Qui aime la langue et ses nuances ne pourra que se délecter de la lecture du Petit dictionnaire chinois-anglais pour amants de Xiaolu Guo, où une jeune Chinoise débarque à Londres pour un an afin d’y faire l’apprentissage d’une langue qui se rebelle souvent et la rend quelquefois perplexe.
C’est donc de cet apprentissage qu’il est question. De chaque nouveau mot qu’elle présente avec sa définition au début de chaque chapitre (d’où le mot dictionnaire dans le titre) afin de le triturer à sa manière, d’en décortiquer le sens et de se l’approprier.

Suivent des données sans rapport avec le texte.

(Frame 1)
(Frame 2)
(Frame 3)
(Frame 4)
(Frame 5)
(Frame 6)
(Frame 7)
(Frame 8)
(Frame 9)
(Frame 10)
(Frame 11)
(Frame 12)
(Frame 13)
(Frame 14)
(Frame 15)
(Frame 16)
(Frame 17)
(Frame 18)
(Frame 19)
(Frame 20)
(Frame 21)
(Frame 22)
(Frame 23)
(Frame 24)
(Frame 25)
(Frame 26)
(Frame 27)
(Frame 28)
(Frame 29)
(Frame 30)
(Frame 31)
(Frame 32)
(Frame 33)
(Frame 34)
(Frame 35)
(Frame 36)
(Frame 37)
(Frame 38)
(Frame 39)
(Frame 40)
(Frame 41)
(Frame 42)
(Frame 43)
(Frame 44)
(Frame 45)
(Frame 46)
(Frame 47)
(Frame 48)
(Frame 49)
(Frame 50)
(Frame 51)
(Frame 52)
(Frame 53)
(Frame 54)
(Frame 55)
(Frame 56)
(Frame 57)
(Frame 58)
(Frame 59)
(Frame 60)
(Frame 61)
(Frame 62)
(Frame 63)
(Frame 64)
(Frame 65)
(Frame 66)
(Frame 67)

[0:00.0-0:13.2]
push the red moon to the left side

Mais l’anglais est une langue difficile et si loin du chinois. Notamment dans la façon de construire les phrases, si bien que Z, l’héroïne du roman qui a préféré ce diminutif à son nom imprononçable, doit se battre quotidiennement avec la langue de Shakespeare afin de la comprendre. Pour notre plus grand bonheur, puisque cela donne un roman savoureux où on a droit à des scènes comme :
Le serveur demande : « Que désirez-vous? De l’eau plate ou vaseuse?
– Hein? L’eau vaseuse? » Je suis choquée.

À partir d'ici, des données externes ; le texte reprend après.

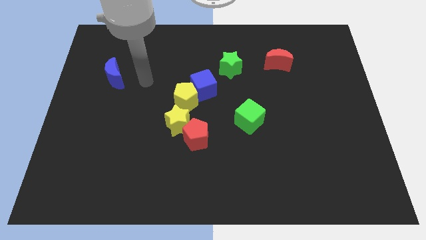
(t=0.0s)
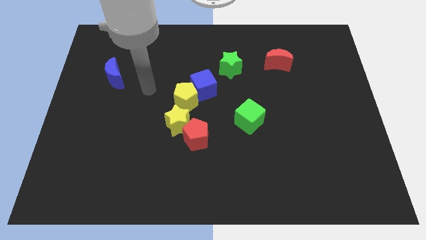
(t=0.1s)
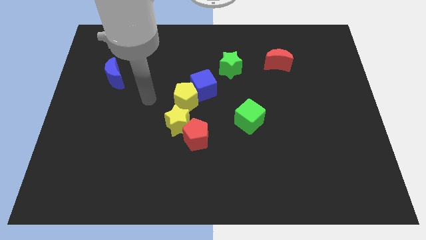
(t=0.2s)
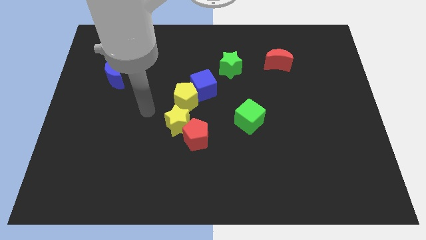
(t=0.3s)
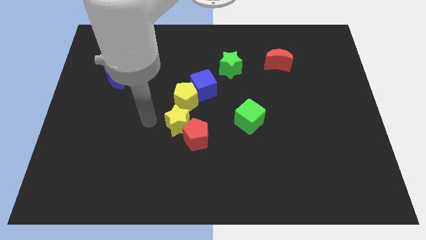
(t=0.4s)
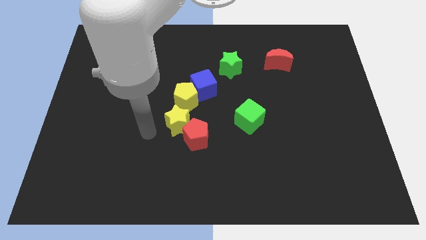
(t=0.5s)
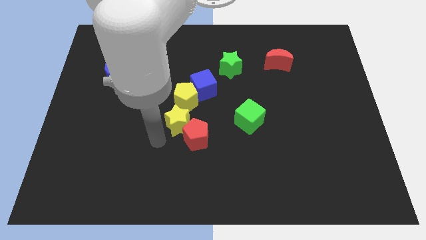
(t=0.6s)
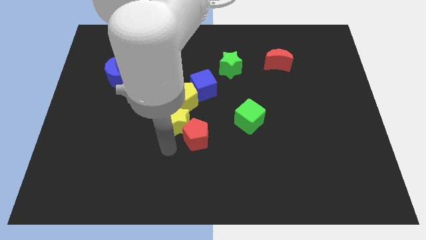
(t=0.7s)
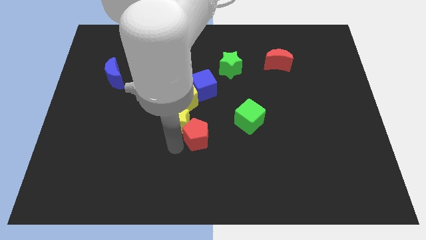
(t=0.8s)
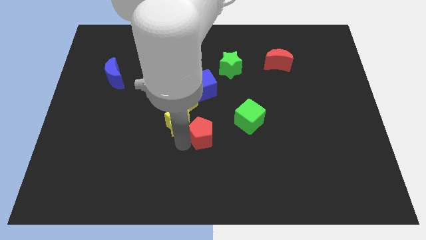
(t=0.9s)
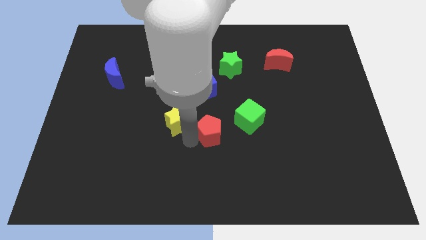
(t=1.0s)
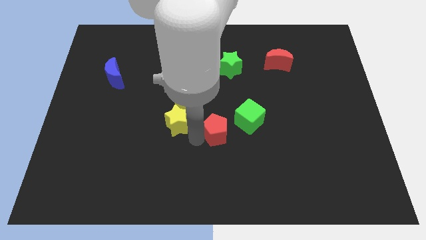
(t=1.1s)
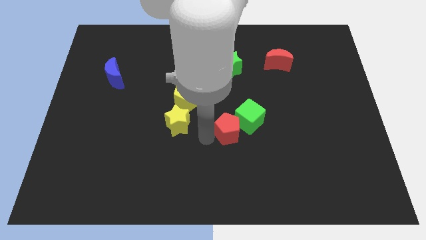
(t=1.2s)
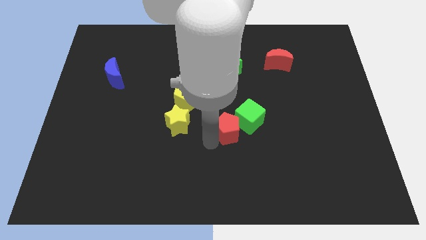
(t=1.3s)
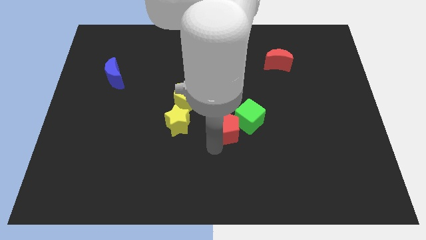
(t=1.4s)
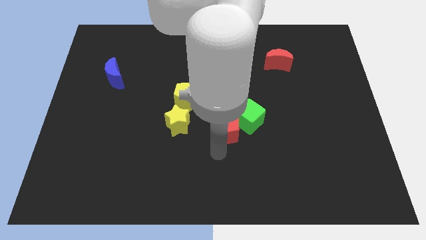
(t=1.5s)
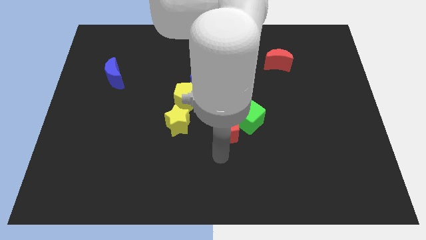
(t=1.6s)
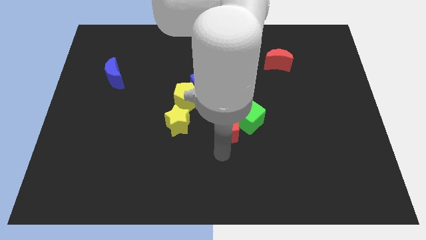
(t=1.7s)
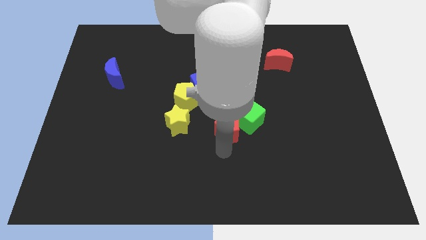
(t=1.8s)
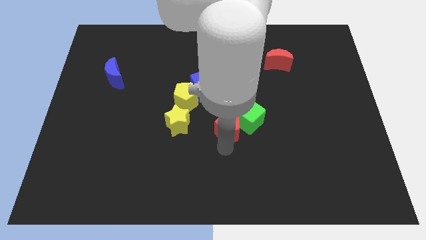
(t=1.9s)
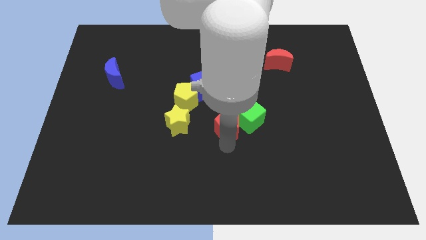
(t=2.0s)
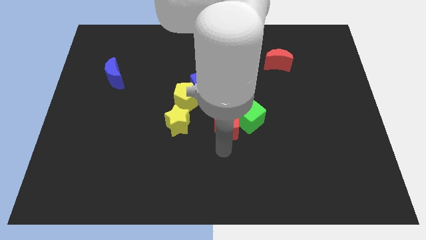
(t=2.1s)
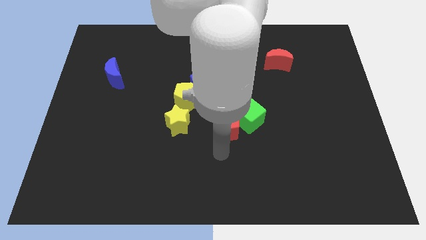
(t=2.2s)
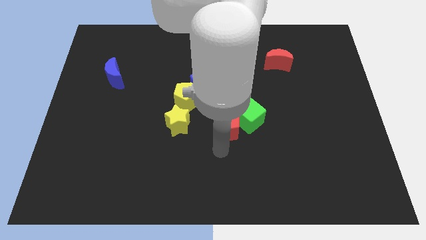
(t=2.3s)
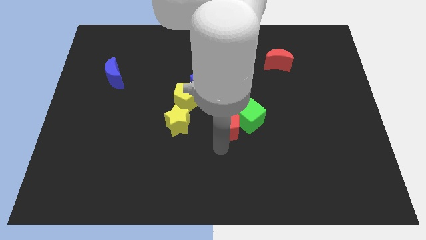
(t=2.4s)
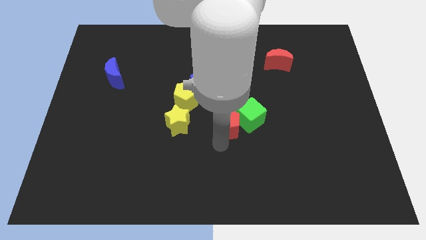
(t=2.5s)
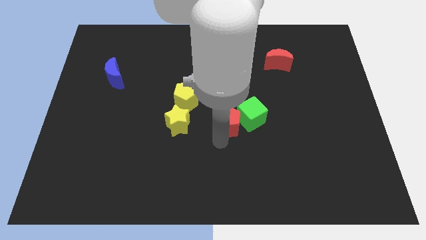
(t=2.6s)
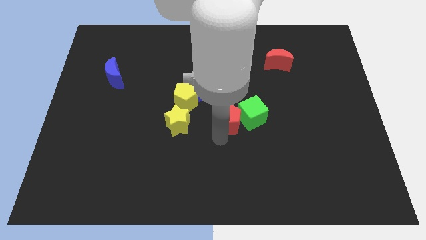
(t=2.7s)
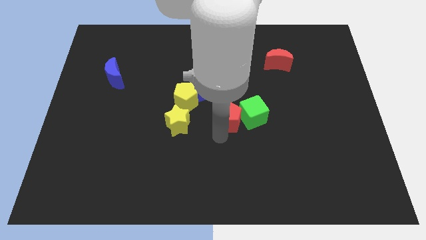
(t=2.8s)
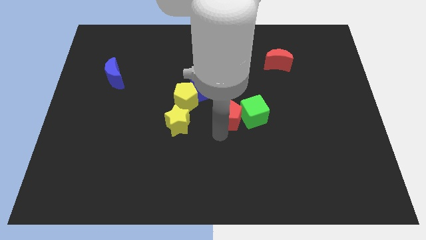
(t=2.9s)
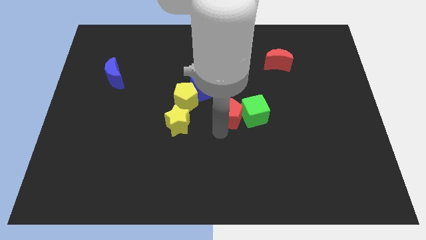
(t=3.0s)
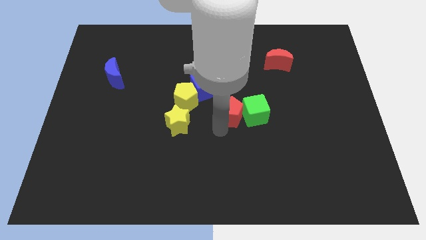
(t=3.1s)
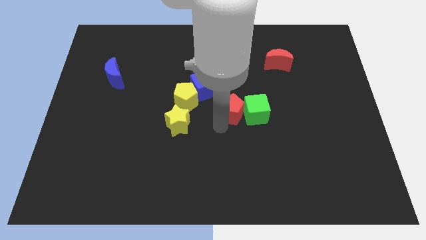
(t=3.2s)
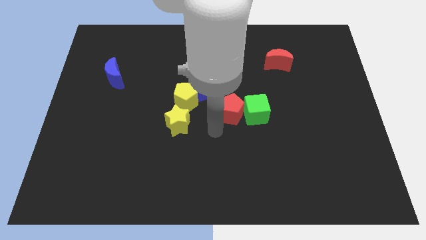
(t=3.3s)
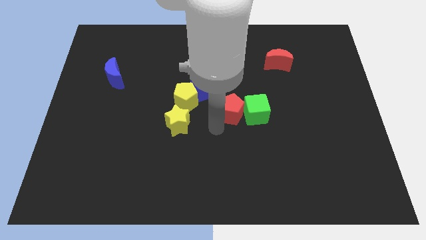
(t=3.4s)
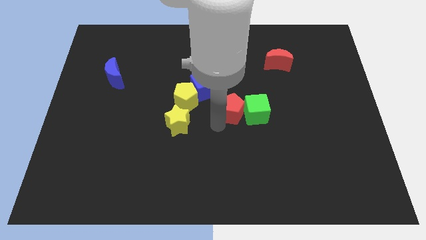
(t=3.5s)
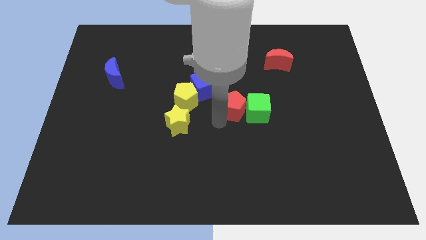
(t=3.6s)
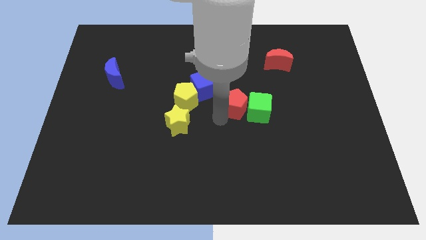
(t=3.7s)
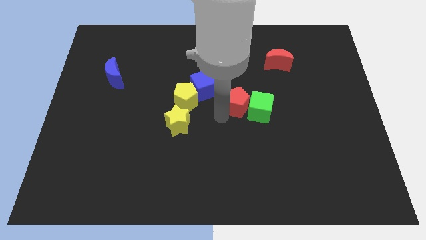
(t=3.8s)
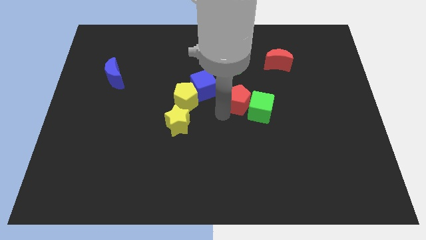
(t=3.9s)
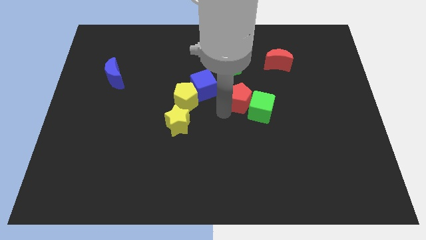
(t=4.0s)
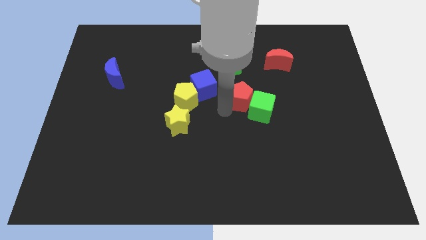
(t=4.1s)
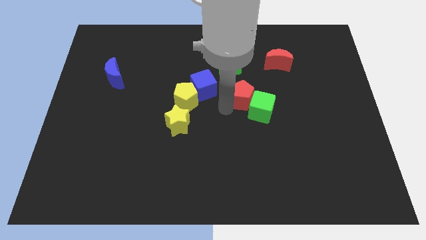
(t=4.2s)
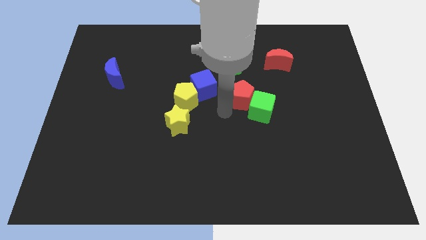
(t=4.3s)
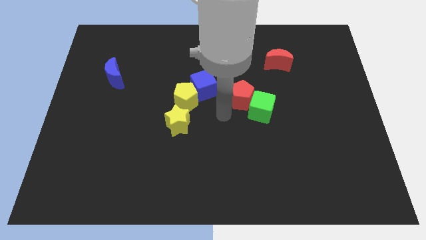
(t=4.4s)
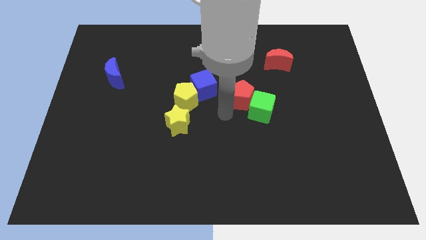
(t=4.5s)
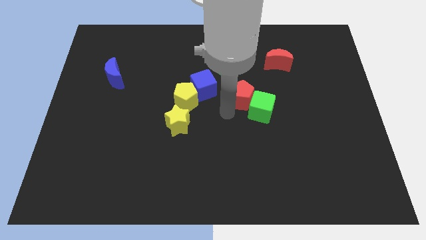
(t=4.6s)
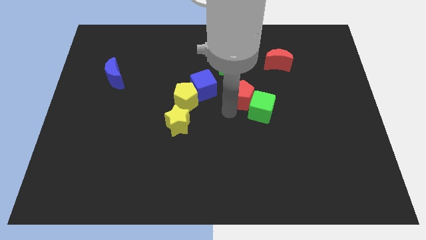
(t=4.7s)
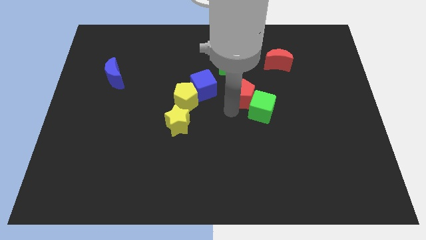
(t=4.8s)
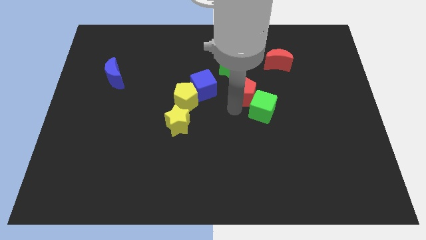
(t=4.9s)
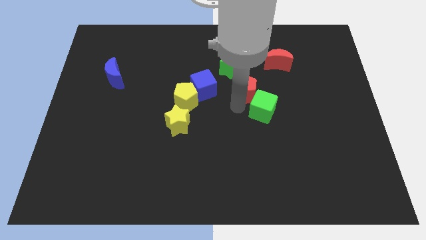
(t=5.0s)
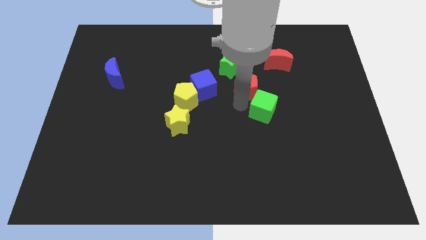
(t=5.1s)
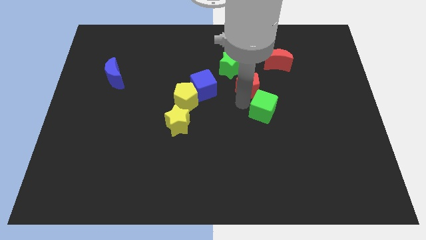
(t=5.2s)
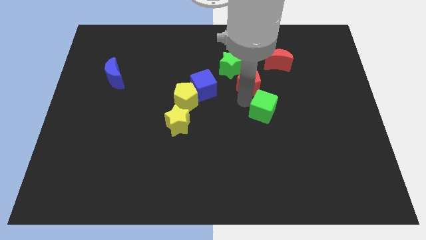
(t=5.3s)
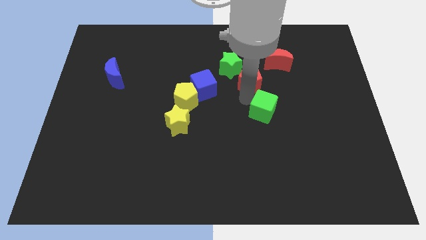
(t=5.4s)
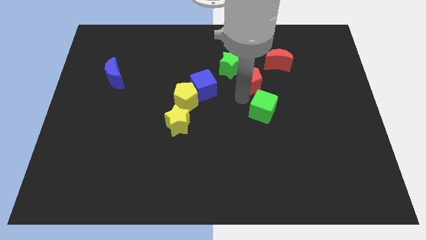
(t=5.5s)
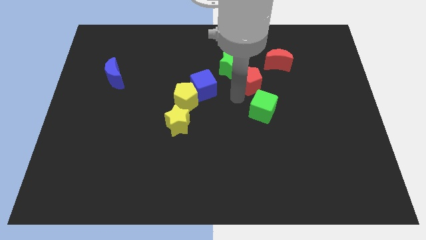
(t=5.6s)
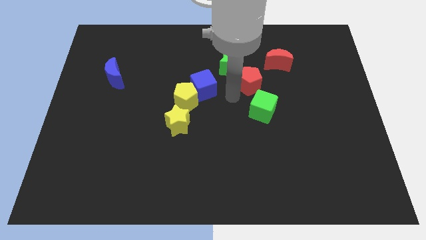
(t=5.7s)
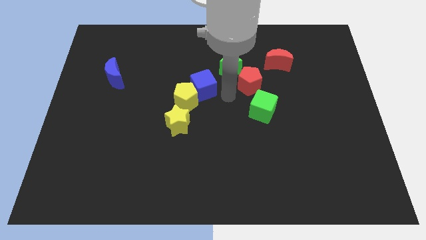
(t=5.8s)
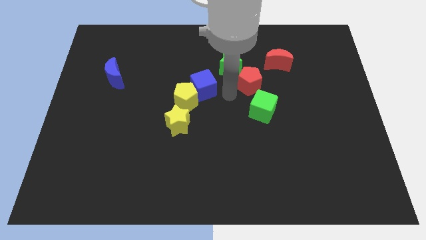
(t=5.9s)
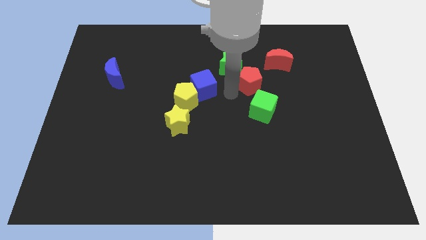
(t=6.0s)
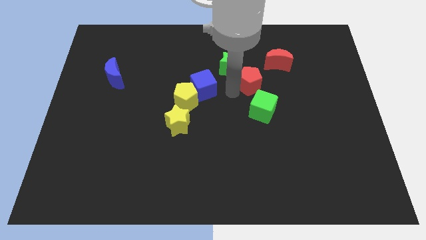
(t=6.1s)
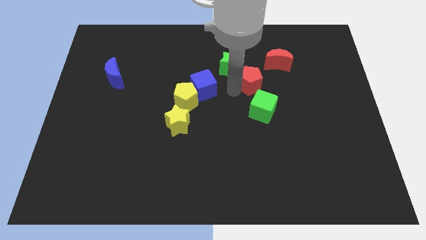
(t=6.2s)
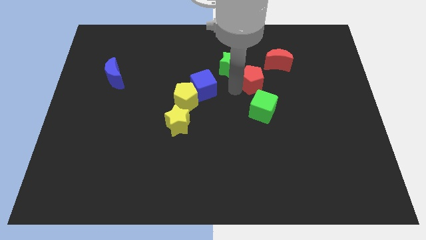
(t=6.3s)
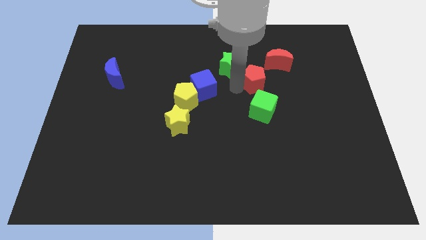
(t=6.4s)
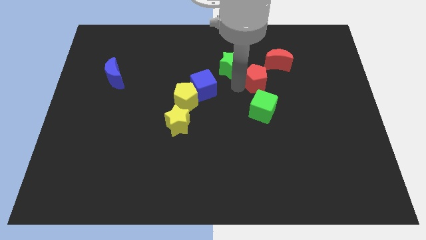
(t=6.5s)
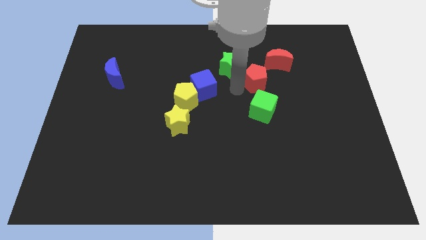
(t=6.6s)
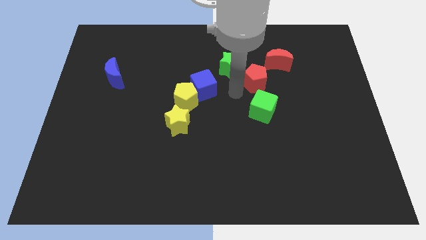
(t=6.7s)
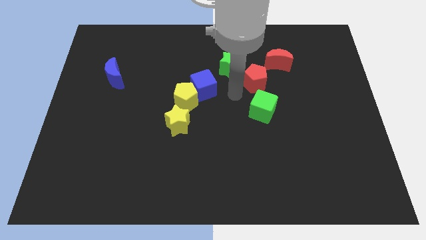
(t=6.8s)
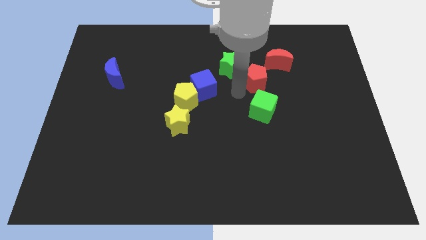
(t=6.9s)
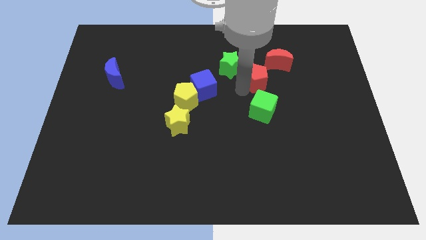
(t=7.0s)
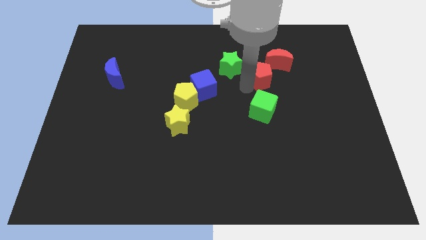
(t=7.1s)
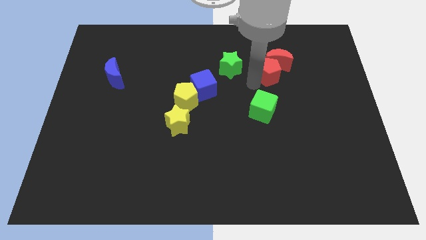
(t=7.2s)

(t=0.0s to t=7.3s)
push the red pentagon to the red moon

« D’accord, de l’eau vaseuse. » Il va chercher une bouteille d’eau.
J’ai une grande curiosité de cette eau étrangère. J’ouvre la bouteille et les bulles montent à la surface. Comment on met ces bulles dans l’eau? Sûrement, elles sont la technologie avancée. Je bois. Le goût est amer, très vaseux, pas naturel du tout, comme le poison.
Apprentissage de la langue, de l’Occident, mais aussi de l’amour. Sans pudeur, avec simplicité voire même naïveté. Où elle découvre son corps à mesure qu’il se déploie et se révèle lui aussi en mots.
Un roman dont la langue évolue à mesure que le vocabulaire de la narratrice s’enrichit de nouveaux mots et qu’elle sait de plus en plus tourner ses phrases. Un roman écrit en anglais et dont il faut relever la remarquable traduction de Karine Laléchère qui a su respecter les erreurs de style et les mots déformés afin de conserver intact l’esprit de ce roman que je conseille vivement.